## Data listing
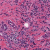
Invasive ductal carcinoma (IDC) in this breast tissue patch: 1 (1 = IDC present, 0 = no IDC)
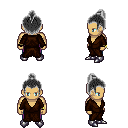
a pixel art fantasy rpg character, male body template, human, tanned skin, brown robe, magenta pants, gray short topknot hairstyle, bracelets, metal boots, four views (front, back, left, right), 2x2 character sprite sheet, small pixel art, hard edges, no anti-aliasing
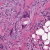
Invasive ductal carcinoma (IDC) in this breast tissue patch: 1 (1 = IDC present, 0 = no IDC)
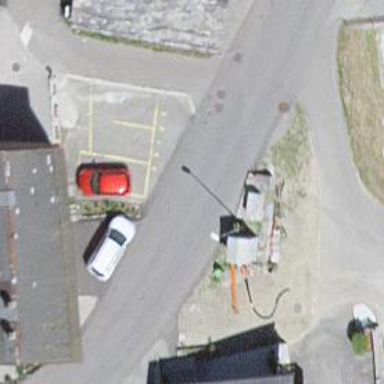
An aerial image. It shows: Post box.
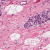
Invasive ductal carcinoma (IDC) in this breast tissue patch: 0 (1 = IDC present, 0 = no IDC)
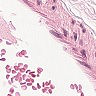
Metastatic tissue present: no
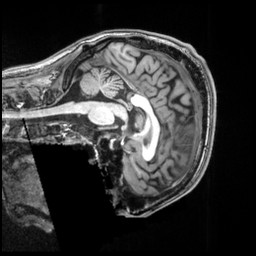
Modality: T1w
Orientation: sagittal
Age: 21
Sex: male
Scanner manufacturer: siemens
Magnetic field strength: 3 T
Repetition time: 2.5 s
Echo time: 0.00343 s
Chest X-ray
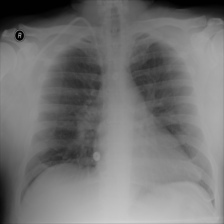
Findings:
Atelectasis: negative
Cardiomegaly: negative
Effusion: negative
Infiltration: negative
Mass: negative
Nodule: negative
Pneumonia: negative
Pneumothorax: negative
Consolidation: negative
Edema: positive
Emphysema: negative
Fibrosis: negative
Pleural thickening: negative
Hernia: negative
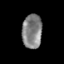
Tissue: skin
Cell type: Epithelial cells
Senescence score: 0.2351
Nuclear area (px): 662
Mean DAPI intensity: 130.529
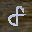
Label: 8
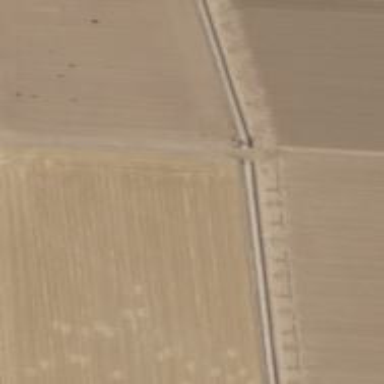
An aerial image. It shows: Irrigation culvert used for service.
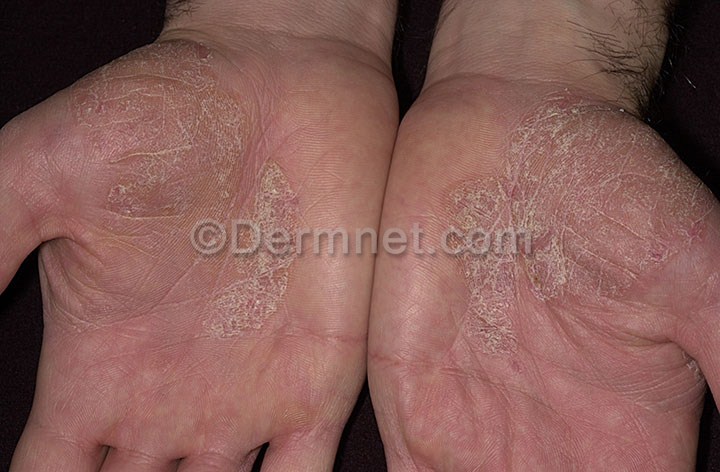
Disease: Psoriasis pictures Lichen Planus and related diseases
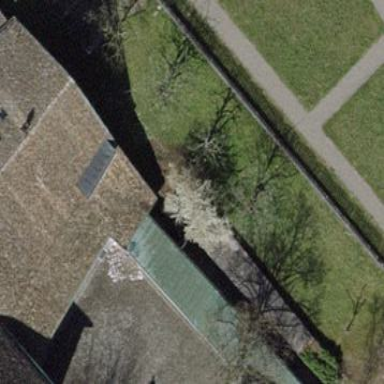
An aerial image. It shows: View of roof of building.
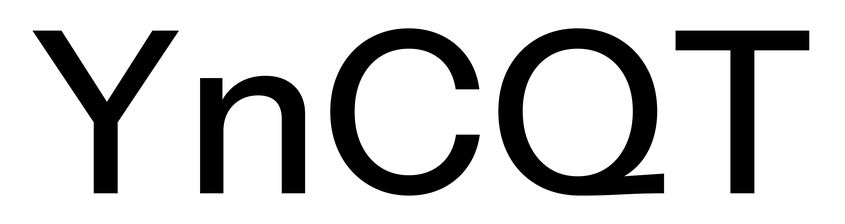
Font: InstrumentSans_Medium
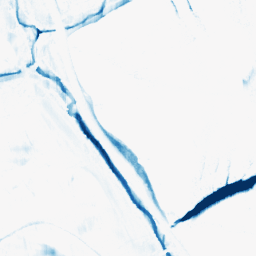
Category: morphological
Decomposition family: morphological_rect
Decomposition parameters: operation: closing
width: 5
height: 20
Upsampling method: sinc_hamming
Upsampling parameters: scale: 8
kernel_size: 16
Upsampling scale: 8
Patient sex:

## Assignment
Restate every line above exactly, omitting images.

## Task answer
Invasive ductal carcinoma (IDC) in this breast tissue patch: 1 (1 = IDC present, 0 = no IDC)
a pixel art fantasy rpg character, male body template, human, tanned skin, brown robe, magenta pants, gray short topknot hairstyle, bracelets, metal boots, four views (front, back, left, right), 2x2 character sprite sheet, small pixel art, hard edges, no anti-aliasing
Invasive ductal carcinoma (IDC) in this breast tissue patch: 1 (1 = IDC present, 0 = no IDC)
An aerial image. It shows: Post box.
Invasive ductal carcinoma (IDC) in this breast tissue patch: 0 (1 = IDC present, 0 = no IDC)
Metastatic tissue present: no
Modality: T1w
Orientation: sagittal
Age: 21
Sex: male
Scanner manufacturer: siemens
Magnetic field strength: 3 T
Repetition time: 2.5 s
Echo time: 0.00343 s
Chest X-ray
Findings:
Atelectasis: negative
Cardiomegaly: negative
Effusion: negative
Infiltration: negative
Mass: negative
Nodule: negative
Pneumonia: negative
Pneumothorax: negative
Consolidation: negative
Edema: positive
Emphysema: negative
Fibrosis: negative
Pleural thickening: negative
Hernia: negative
Tissue: skin
Cell type: Epithelial cells
Senescence score: 0.2351
Nuclear area (px): 662
Mean DAPI intensity: 130.529
Label: 8
An aerial image. It shows: Irrigation culvert used for service.
Disease: Psoriasis pictures Lichen Planus and related diseases
An aerial image. It shows: View of roof of building.
Font: InstrumentSans_Medium
Category: morphological
Decomposition family: morphological_rect
Decomposition parameters: operation: closing
width: 5
height: 20
Upsampling method: sinc_hamming
Upsampling parameters: scale: 8
kernel_size: 16
Upsampling scale: 8
Patient sex:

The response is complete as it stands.